Forum Moderators: DixonJones

Message Too Old, No Replies

List of spiders - how big is their part of activity on a website?

         

Oliver Henniges

12:23 pm on May 8, 2008 (gmt 0)

WebmasterWorld Senior Member 10+ Year Member



I have begun to extract my own data according to visitor-actions on my website. Currently I'd like to filter out SE-spiders from "human" visitors. I don't need exact data, just the most frequent bunch.

Do you know of any concise list of the most important bot-user-agents, which I can easily copy into a php-array?

The reason is: I found that only 3% of our visitors in total seem to put anything into their shopping cart. I find this ratio extremely low, because I think we have a relatively comfortable usability over all and some of the best landing pages convert with more than 6% orders per visit (20% putting into cart). So I believe this low ratio of 3% total is due to the fact that there are quite a lot of spiders frequently entering the main-page.

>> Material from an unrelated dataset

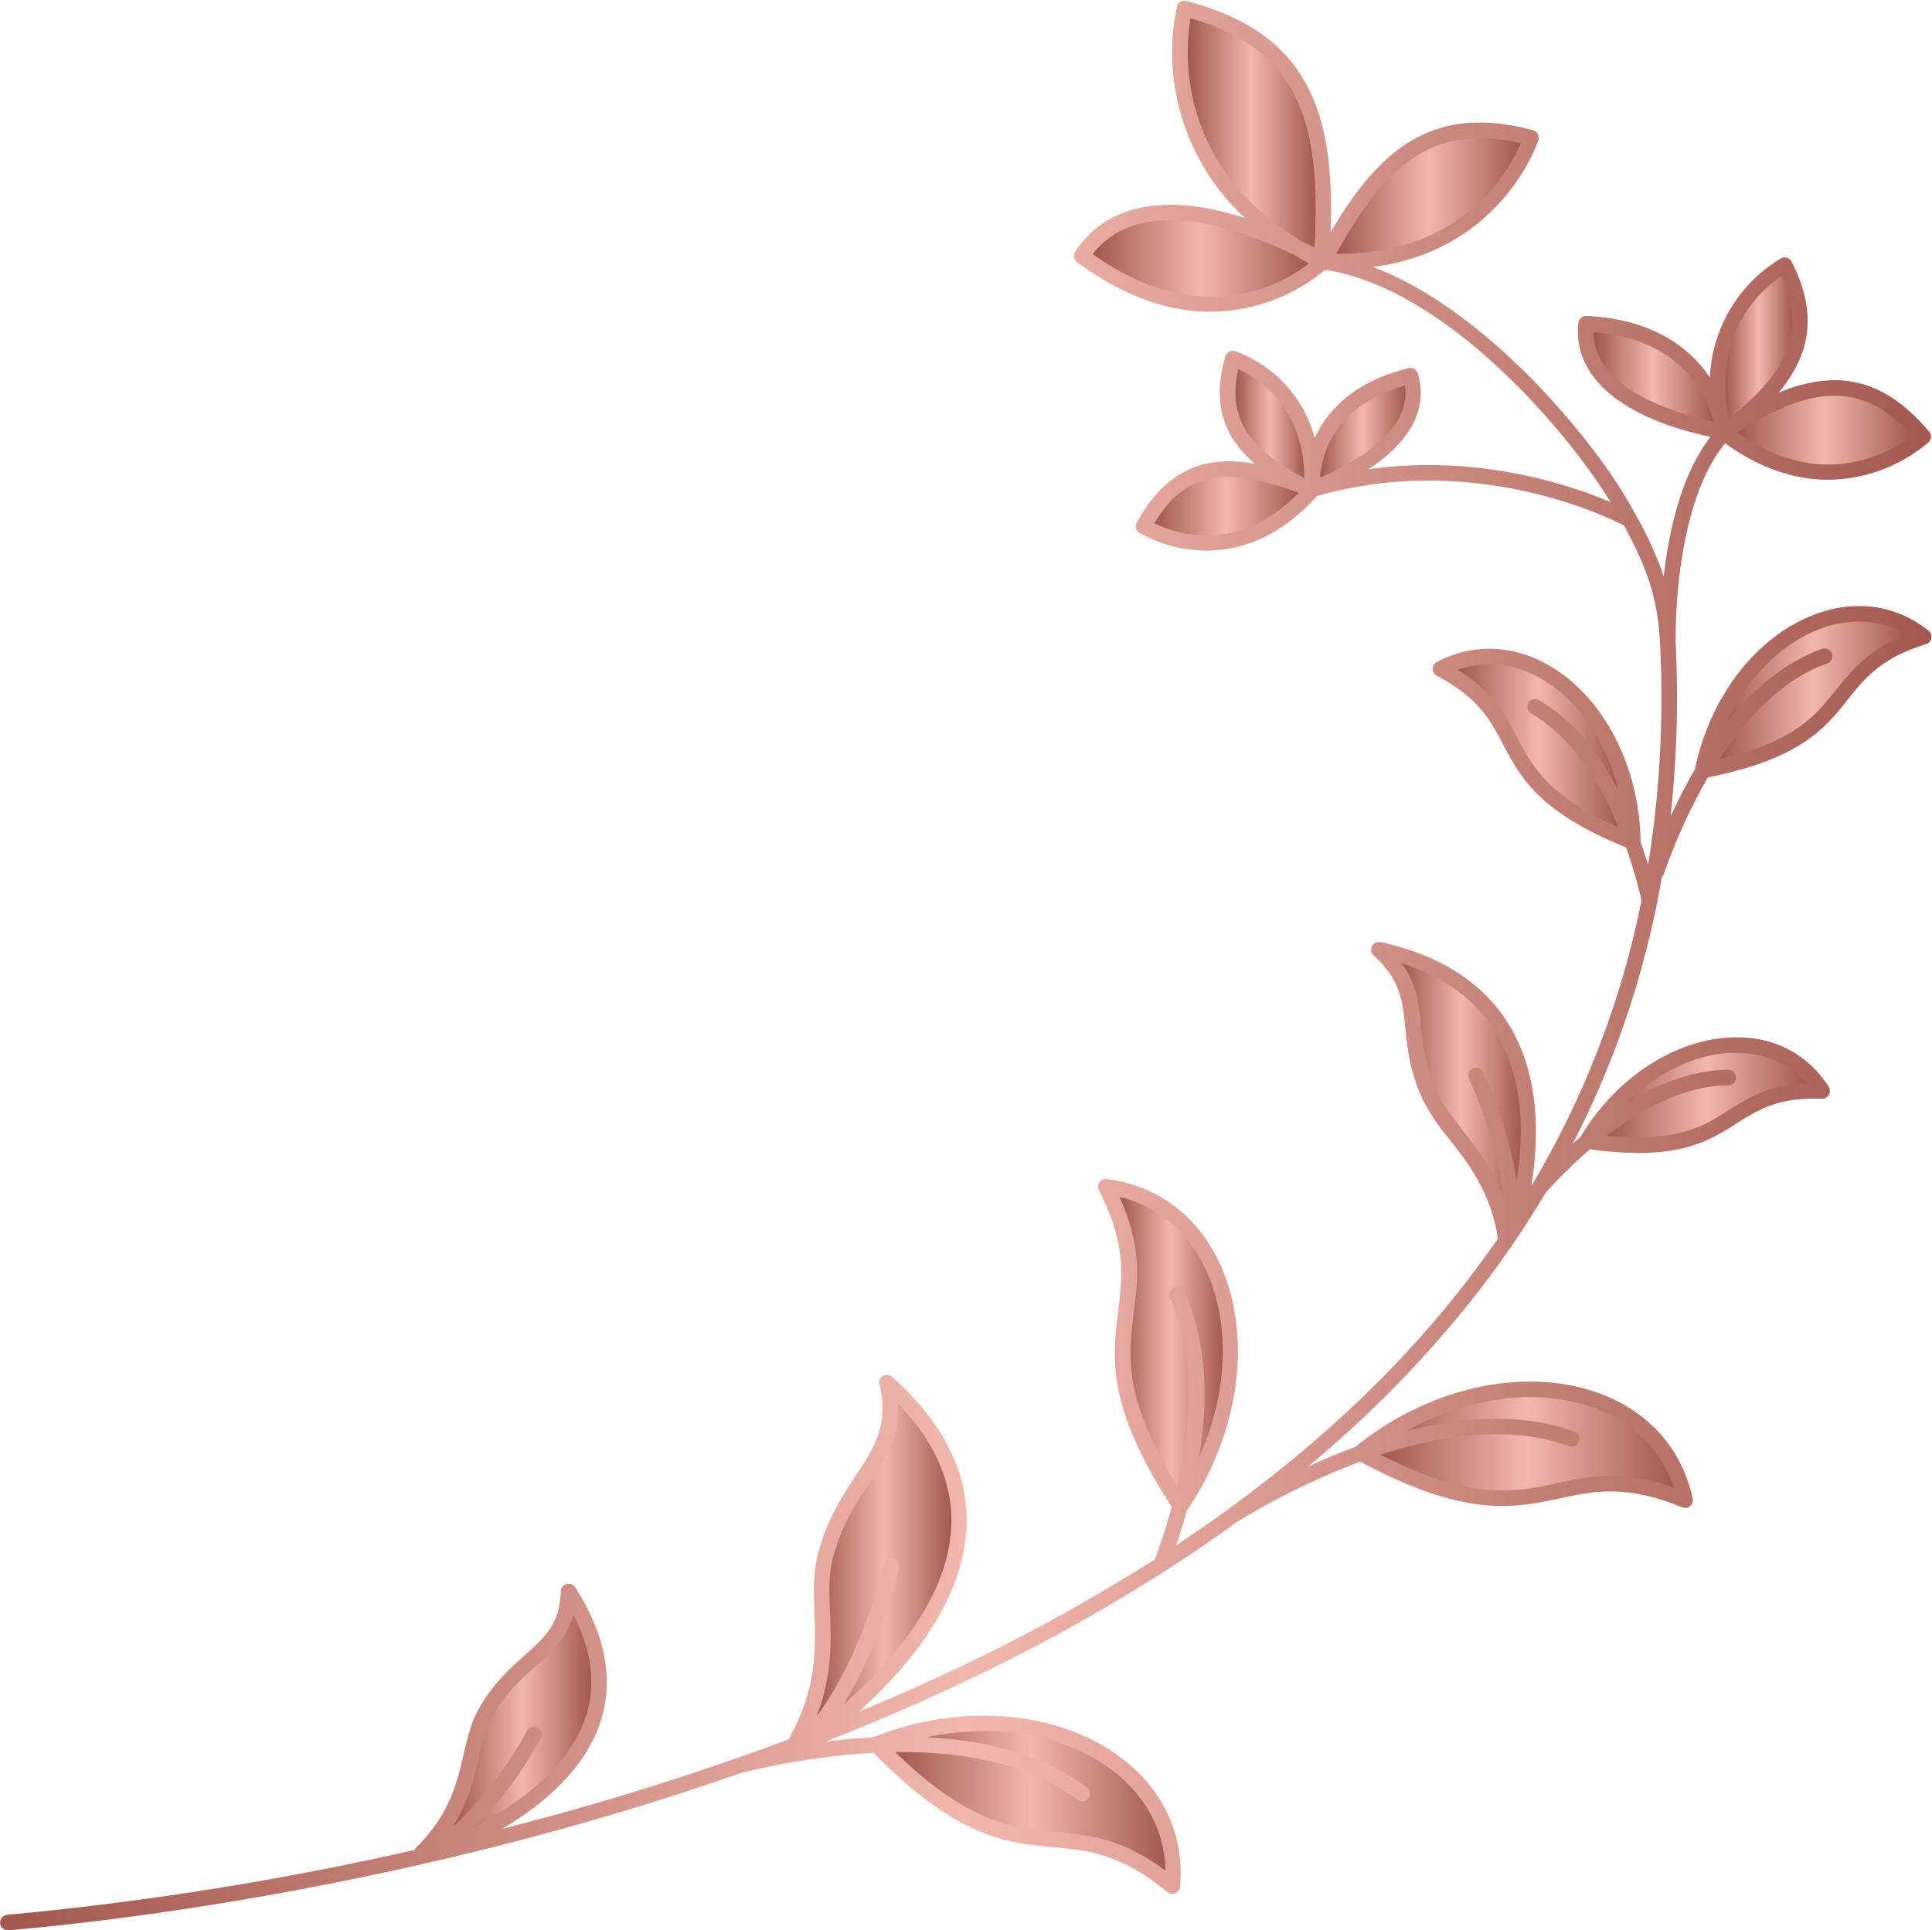 <?xml version="1.0" encoding="UTF-8"?><svg xmlns="http://www.w3.org/2000/svg" xmlns:xlink="http://www.w3.org/1999/xlink" data-name="Layer 1" height="460.4" preserveAspectRatio="xMidYMid meet" version="1.0" viewBox="-0.0 -0.2 460.7 460.4" width="460.7" zoomAndPan="magnify"><defs><linearGradient gradientUnits="userSpaceOnUse" id="a" x2="460.63" xlink:actuate="onLoad" xlink:show="other" xlink:type="simple" xmlns:xlink="http://www.w3.org/1999/xlink" y1="230.1" y2="230.1"><stop offset=".01" stop-color="#a35950"/><stop offset=".5" stop-color="#f1b7ae"/><stop offset="1" stop-color="#a35950"/></linearGradient><linearGradient id="b" x1="414.15" x2="455.97" xlink:actuate="onLoad" xlink:href="#a" xlink:show="other" xlink:type="simple" xmlns:xlink="http://www.w3.org/1999/xlink" y1="102.39" y2="102.39"/><linearGradient id="c" x1="411.37" x2="427.36" xlink:actuate="onLoad" xlink:href="#a" xlink:show="other" xlink:type="simple" xmlns:xlink="http://www.w3.org/1999/xlink" y1="82.71" y2="82.71"/><linearGradient id="d" x1="379.96" x2="408.58" xlink:actuate="onLoad" xlink:href="#a" xlink:show="other" xlink:type="simple" xmlns:xlink="http://www.w3.org/1999/xlink" y1="89.65" y2="89.65"/><linearGradient id="e" x1="318.62" x2="362.63" xlink:actuate="onLoad" xlink:href="#a" xlink:show="other" xlink:type="simple" xmlns:xlink="http://www.w3.org/1999/xlink" y1="46.53" y2="46.53"/><linearGradient id="f" x1="283.24" x2="313.72" xlink:actuate="onLoad" xlink:href="#a" xlink:show="other" xlink:type="simple" xmlns:xlink="http://www.w3.org/1999/xlink" y1="31.51" y2="31.51"/><linearGradient id="g" x1="260.54" x2="312.13" xlink:actuate="onLoad" xlink:href="#a" xlink:show="other" xlink:type="simple" xmlns:xlink="http://www.w3.org/1999/xlink" y1="61.46" y2="61.46"/><linearGradient id="h" x1="314.72" x2="335.12" xlink:actuate="onLoad" xlink:href="#a" xlink:show="other" xlink:type="simple" xmlns:xlink="http://www.w3.org/1999/xlink" y1="102.75" y2="102.75"/><linearGradient id="i" x1="294.6" x2="311.01" xlink:actuate="onLoad" xlink:href="#a" xlink:show="other" xlink:type="simple" xmlns:xlink="http://www.w3.org/1999/xlink" y1="100.85" y2="100.85"/><linearGradient id="j" x1="275.25" x2="309.73" xlink:actuate="onLoad" xlink:href="#a" xlink:show="other" xlink:type="simple" xmlns:xlink="http://www.w3.org/1999/xlink" y1="120.58" y2="120.58"/><linearGradient id="k" x1="347.63" x2="385.98" xlink:actuate="onLoad" xlink:href="#a" xlink:show="other" xlink:type="simple" xmlns:xlink="http://www.w3.org/1999/xlink" y1="177.69" y2="177.69"/><linearGradient id="l" x1="266.94" x2="291.56" xlink:actuate="onLoad" xlink:href="#a" xlink:show="other" xlink:type="simple" xmlns:xlink="http://www.w3.org/1999/xlink" y1="319.74" y2="319.74"/><linearGradient id="m" x1="194.72" x2="226.82" xlink:actuate="onLoad" xlink:href="#a" xlink:show="other" xlink:type="simple" xmlns:xlink="http://www.w3.org/1999/xlink" y1="371.85" y2="371.85"/><linearGradient id="n" x1="108.04" x2="140.99" xlink:actuate="onLoad" xlink:href="#a" xlink:show="other" xlink:type="simple" xmlns:xlink="http://www.w3.org/1999/xlink" y1="410.15" y2="410.15"/><linearGradient id="o" x1="213.41" x2="277.85" xlink:actuate="onLoad" xlink:href="#a" xlink:show="other" xlink:type="simple" xmlns:xlink="http://www.w3.org/1999/xlink" y1="429.34" y2="429.34"/><linearGradient id="p" x1="329.17" x2="399.1" xlink:actuate="onLoad" xlink:href="#a" xlink:show="other" xlink:type="simple" xmlns:xlink="http://www.w3.org/1999/xlink" y1="344.13" y2="344.13"/><linearGradient id="q" x1="383.13" x2="430.84" xlink:actuate="onLoad" xlink:href="#a" xlink:show="other" xlink:type="simple" xmlns:xlink="http://www.w3.org/1999/xlink" y1="261.01" y2="261.01"/><linearGradient id="r" x1="334.37" x2="362.65" xlink:actuate="onLoad" xlink:href="#a" xlink:show="other" xlink:type="simple" xmlns:xlink="http://www.w3.org/1999/xlink" y1="257.35" y2="257.35"/><linearGradient id="s" x1="409.98" x2="454.71" xlink:actuate="onLoad" xlink:href="#a" xlink:show="other" xlink:type="simple" xmlns:xlink="http://www.w3.org/1999/xlink" y1="164.47" y2="164.47"/></defs><path d="M459.93,150.25c-7.71-6.11-17.27-7.54-26.91-4-14,5.09-25.3,19.64-28.85,37.05v0a123.66,123.66,0,0,0-5.82,11.27,261.41,261.41,0,0,0,1.22-41.42c0-.79-.68-32.45,11.8-47.61,9.05,6.51,17.41,8.69,24.56,8.69a37.5,37.5,0,0,0,23.95-8.94,1.83,1.83,0,0,0,.14-2.52c-7.25-8.67-15-12.68-23.77-12.27a35.84,35.84,0,0,0-12.16,3c7.36-8.84,9.64-18.5,3.14-31.29a1.82,1.82,0,0,0-1.08-.92,1.87,1.87,0,0,0-1.41.11,34.75,34.75,0,0,0-17,28.44c-4.56-6.78-13.18-13.9-29.45-14.69a1.84,1.84,0,0,0-1.93,1.64C375,89.58,386.45,99.41,407.89,104c-5.22,6.75-8.82,16.71-10.71,29.7-.18,1.21-.33,2.38-.46,3.53A84,84,0,0,0,390.27,123a.08.08,0,0,0,0,0c-.57-1-1.15-2.09-1.77-3.17C380,104.86,354.7,73.82,327.42,63.48c30.85-4,39.35-30,39.44-30.27a1.9,1.9,0,0,0-.15-1.44,1.84,1.84,0,0,0-1.14-.9C342,24.5,329.05,35.11,317.3,55.17,318.35,26.69,312,7.55,282.92.06a1.85,1.85,0,0,0-2.25,1.32,51.94,51.94,0,0,0,.21,22.88,53.94,53.94,0,0,0,16,27.55c-18.68-6.07-33-3.4-40.48,8a1.85,1.85,0,0,0,.45,2.5c12,8.92,22.8,11.85,31.85,11.85a43,43,0,0,0,27.28-10c28.7,4.38,57.6,38.25,68.09,55.41-9.75-4.15-31.69-11.52-57.75-7.84,10.06-6.62,14.3-14.61,11.77-22.86a1.84,1.84,0,0,0-2.21-1.25c-13.24,3.22-19.48,10.3-22.39,16.67a30.2,30.2,0,0,0-19-20.75,1.83,1.83,0,0,0-1.41.16,1.79,1.79,0,0,0-.88,1.1c-2.35,8.14-1.6,14.82,2.28,20.45a26.91,26.91,0,0,0,4.75,5.17c-11.53-2.07-20.94,1-28.17,14a1.85,1.85,0,0,0,.62,2.45,32.61,32.61,0,0,0,16.11,4.25c7.62,0,17-2.8,26.13-12.87l.14-.13c37.19-10.62,69,4.87,73.17,7,5.37,9.85,8.08,17.21,8.62,28.15A250.93,250.93,0,0,1,393,206.09q-.84-2.81-1.79-5.46s0,0,0-.06c-.22-17.77-8.63-34.18-21.4-41.8-8.81-5.25-18.47-5.64-27.18-1.07a1.84,1.84,0,0,0,0,3.27c9.95,5.27,12.8,10.68,15.8,16.4,4.16,7.91,8.48,16.08,29.33,24.57a123.31,123.31,0,0,1,3.68,12.63,216.21,216.21,0,0,1-26,67.65c-.09.1-.18.19-.26.29,1.86-11.38,2-26-5.18-38-6.06-10.15-16.43-16.89-30.8-20a1.85,1.85,0,0,0-1.64,3.18c6.38,5.79,6.89,10.85,7.54,17.24.49,4.82,1.05,10.27,4.09,17a48.79,48.79,0,0,0,6.38,9.55c4.64,5.91,9.88,12.61,11.62,23.73q-5,7.22-10.57,14.17c-17.48,21.69-39.63,41.43-66.16,59q1.43-4.25,2.52-8.21l.05-.06c12.55-18.52,15.68-41.51,8-58.56-5.29-11.69-14.93-19-27.14-20.53a1.84,1.84,0,0,0-1.87,2.67c6.61,12.84,5.64,20.61,4.62,28.82-1.39,11.2-2.82,22.77,12.77,46.69q-1.67,6.1-4,12.5a428.87,428.87,0,0,1-53.21,28.78q-8.67,4-17.39,7.56c11.92-10.73,24.84-26.3,25.65-43.86.6-12.84-5.37-24.95-17.74-36a1.84,1.84,0,0,0-3,1.81c2.31,9.61-1.21,15-5.66,21.78-3.32,5.06-7.08,10.8-9.15,19.29-1,4.22-.87,8.64-.7,13.32.31,8.59.64,18.3-6.19,30.28q-6.22,2.36-12.44,4.53l-.13,0a2.5,2.5,0,0,0-.41.16C156.13,426,137.49,431.48,119.78,436c9.85-5.85,19.78-14.28,23.45-25.64,3.21-9.94,1.16-20.7-6.09-32a1.85,1.85,0,0,0-3.4.95c-.22,7.77-3.79,11-8.73,15.4-3.6,3.24-7.69,6.91-11.07,13.09-1.69,3.09-2.49,6.57-3.34,10.24-1.56,6.8-3.34,14.49-11.36,22.41a2.28,2.28,0,0,0-.4.59A749.6,749.6,0,0,1,1.69,456.51a1.85,1.85,0,0,0,.16,3.69H2c23.63-2,96.81-10.19,174.59-37.49a172.5,172.5,0,0,1,31.73-4.84c20,20.38,31.66,21.47,42.89,22.52,8.25.76,16,1.48,27.16,10.7a1.83,1.83,0,0,0,1.18.42,1.76,1.76,0,0,0,.71-.14,1.82,1.82,0,0,0,1.13-1.54c1.11-12.26-3.95-23.23-14.24-30.91-15-11.19-38.11-13.07-58.9-4.78l-.09.05q-5.5.27-11.31,1c9-3.52,18-7.32,26.9-11.39a432.62,432.62,0,0,0,54.11-29.32,1.22,1.22,0,0,0,.19-.12q8.83-5.67,17.05-11.66l.16-.06a172.37,172.37,0,0,1,29.1-14.21c25.19,13.5,36.61,11.09,47.64,8.74,8.11-1.72,15.76-3.34,29.12,2.15a1.85,1.85,0,0,0,2.51-2.1c-2.59-12-10.68-21-22.79-25.28-17.64-6.22-40.27-1.14-57.66,12.95l-.07.07c-3.67,1.35-7.41,2.9-11.19,4.64a271.84,271.84,0,0,0,37.64-38q6.87-8.52,12.8-17.44a1.6,1.6,0,0,0,.29-.44q3.06-4.62,5.87-9.35a116.71,116.71,0,0,1,10.61-10.45,85.69,85.69,0,0,0,11.61.88c12.25,0,17.92-3.59,23.45-7.09,5.06-3.2,9.82-6.22,20.25-5.85a1.85,1.85,0,0,0,1.63-2.84c-4.93-7.75-12.95-12-22.5-11.8-13.86.22-28.27,9.56-36.71,23.79v0c-.61.52-1.22,1-1.82,1.59a220.33,220.33,0,0,0,20.06-57.26,1.88,1.88,0,0,0,.16-.78q.56-2.79,1-5.59a1.75,1.75,0,0,0,.52-.75,136,136,0,0,1,10.47-23c22.1-4.43,27.87-11.65,33.44-18.65,4-5,7.84-9.83,18.6-13.14a1.84,1.84,0,0,0,.6-3.2Z" fill="url(#a)"/><path d="M456,103.74a34.24,34.24,0,0,1-11.59,5.72c-10,2.73-20.19.55-30.23-6.48l.43-.35c16.47-10.1,28.88-12.78,41.39,1.11Z" fill="url(#b)"/><path d="M424.79,65.68c6.37,14.16.43,23.5-12.35,33.93l-.22.13c-4.15-20.76,8-31,12.57-34.06Z" fill="url(#c)"/><path d="M380,79c21.39,1.77,27.13,15.49,28.61,21.33v0C398.17,98.08,380.06,92.24,380,79Z" fill="url(#d)"/><path d="M362.63,33.94c-2.66,6.32-13.45,26.39-43.47,26.39h-.54C330,39.78,341.25,29,362.63,33.94Z" fill="url(#e)"/><path d="M284.52,23.6a51.41,51.41,0,0,1-.65-19.45c26.45,7.57,31.22,25.92,29.56,54.72-1.13-.59-2.23-1.14-3.33-1.67-13.79-8.43-22.39-19.7-25.58-33.6Z" fill="url(#f)"/><path d="M260.54,60.42c11.1-14.32,33.93-6.62,47.89.09,1.19.73,2.42,1.43,3.7,2.13-6.21,4.85-25.47,16.29-51.59-2.22Z" fill="url(#g)"/><path d="M335,91.74c1.73,10.76-11.91,18.4-20.25,22C315.13,108.47,318,96.6,335,91.74Z" fill="url(#h)"/><path d="M295.27,87.84c4.45,2,15.68,8.78,15.74,26-12.19-6.6-18.59-13.41-15.74-26Z" fill="url(#i)"/><path d="M275.25,124.63c6.25-10.38,14.43-14.74,34.41-7.31l.07,0c-14.84,15.07-29.73,9.64-34.48,7.27Z" fill="url(#j)"/><path d="M361.74,175.63c-2.81-5.34-5.7-10.84-14.11-16.09,6.64-2.34,13.75-1.53,20.33,2.4,8.71,5.2,15.19,15,18,26.43-5.18-10-11.63-17.36-19-21.59a1.85,1.85,0,0,0-1.84,3.21c8.38,4.81,15.52,14.21,20.82,27.15-16.84-7.49-20.59-14.61-24.23-21.51Z" fill="url(#k)"/><path d="M270.35,312.92c1-7.73,2-15.69-3.41-27.66,9.24,2.22,16.53,8.42,20.76,17.76,5.8,12.85,5,29.4-1.83,44.51,3.18-18.95.21-31.71-3.59-39.75a1.85,1.85,0,1,0-3.35,1.59c5.38,11.36,5.93,26.91,1.77,44.85-12.88-20.83-11.6-31.23-10.35-41.3Z" fill="url(#l)"/><path d="M197.9,384.2c-.17-4.61-.31-8.58.6-12.31,1.92-7.87,5.49-13.33,8.65-18.13,3.75-5.73,7.32-11.19,7-19.18,8.89,9.23,13.15,19.09,12.68,29.37-.79,16.95-14,32.16-25.73,42.43,9.28-14.88,13.14-31.82,13.33-32.71a1.84,1.84,0,0,0-3.6-.8c-.06.23-4.79,21-16.07,36.25,3.72-9.68,3.43-18,3.18-24.92Z" fill="url(#m)"/><path d="M114.2,418.88c.82-3.57,1.54-6.65,3-9.31,3.07-5.63,6.74-8.92,10.3-12.11,3.88-3.48,7.6-6.82,9.18-12.56,4.45,8.63,5.48,16.79,3,24.32-3.85,11.92-15.55,20.46-26,26A96.18,96.18,0,0,0,129,414.29a1.85,1.85,0,0,0-3.29-1.7c-.08.16-7.06,13.44-17.64,22.82,3.72-6,5-11.67,6.16-16.53Z" fill="url(#n)"/><path d="M265,421.87c8.21,6.13,12.71,14.59,12.9,24.09-10.54-7.8-18.54-8.55-26.29-9.27-10.11-.93-20.55-1.91-38.15-19,18.32-.23,33.41,3.61,43.47,11.38a1.87,1.87,0,0,0,1.13.39,1.85,1.85,0,0,0,1.13-3.31C249.9,419,236.76,415,221,414.16c16.25-3.43,32.65-.74,44,7.71Z" fill="url(#o)"/><path d="M379.63,335.42c9.67,3.41,16.47,10.14,19.47,19.16-12.38-4.32-20.23-2.66-27.84-1-9.94,2.11-20.2,4.28-42.09-6.8,17.43-5.67,33-6.49,44.89-2.06a1.85,1.85,0,0,0,1.29-3.47c-11-4.08-24.74-4-40.09-.07,14.52-8.14,31-10.44,44.37-5.73Z" fill="url(#p)"/><path d="M413.64,250.93c7-.09,13,2.44,17.2,7.25-9.07.38-13.91,3.44-18.61,6.41-6.07,3.84-12.33,7.8-29.1,6.09,10.09-7.76,20.09-12,29-12h0a1.85,1.85,0,0,0,0-3.7h-.05c-7.63,0-15.93,2.79-24.37,8,7.44-7.42,16.81-11.94,25.88-12.08Z" fill="url(#q)"/><path d="M342.64,260.31c-2.79-6.18-3.29-11.09-3.78-15.85-.51-5-1-9.86-4.49-14.85,10.3,3.31,17.86,8.92,22.53,16.74,6.56,11,6.47,24.47,4.77,35.16a106.3,106.3,0,0,0-8-26,1.85,1.85,0,0,0-3.35,1.58c.08.17,6.65,14.16,8.11,28.05-2.65-6.82-6.53-11.77-9.84-16-2.45-3.14-4.58-5.85-5.91-8.79Z" fill="url(#r)"/><path d="M437.84,164.3C433,170.41,428,176.7,410,180.89c7.6-11.66,16.39-19.59,25.56-22.77a1.85,1.85,0,1,0-1.2-3.49c-8,2.78-15.76,8.85-22.69,17.63,4.93-10.73,13.11-19.1,22.64-22.57a26.13,26.13,0,0,1,9-1.64,22.54,22.54,0,0,1,11.46,3.1c-9.24,3.58-13.11,8.44-16.87,13.15Z" fill="url(#s)"/></svg>

It is genrally said that an orders per visit ratio of 1-3% is normal. Do you know about other benchmarks after filtering spiders? Is there a general difference between websites acoording to spider activity? (I could imagine that older websites or "good" ones or frequently changing ones are spidered more often?

Receptional Andy

12:34 pm on May 8, 2008 (gmt 0)



A simple but reasonably effective approach for 'well-behaved' spiders would be to block anything that matches text like 'bot' (would catch Google and MSN amongst others) 'crawl', 'spider' or 'http' in the UA. Depending on your site however, you might have large scale spider activity not caught by the above.

Oliver Henniges

3:32 pm on May 8, 2008 (gmt 0)

WebmasterWorld Senior Member 10+ Year Member



I listed all user agents in a table the past two months, so I might simply walk through that data by hand and see what looks like a spider.

But I doubt I am the first one faced with the problem of getting more accurate data in this respect, so I thought someone might help me not to invent the wheel the second time.

I'm a bit stubborn: My very own anaylsis is getting more and more refined and I come to the conclusion that the number of human beings among all traffic should be reduced to (not by!) 10-20 % of all traffic reported by my hoster's stats. One thing to easily detect is official spiders' user agents. Another one is the anonymous scraper-spiders, hiding behind some ordinary mozilla entry, but coming again and again with an interval larger than half an hour, which means that every visit is registered as a distinct visitor.

Traffic definitely isn't what it seems to be, but obviously noone wants to hear that...

JacobPM

5:27 pm on May 13, 2008 (gmt 0)

10+ Year Member



^^I've been noticing that too and that's just from CTRs from some google ad words I'm managing.

why are bots seeming to out-weigh the human aspect of choice? (ie: people think site A is better, not B, but because B is more bot friendly , B comes up more?)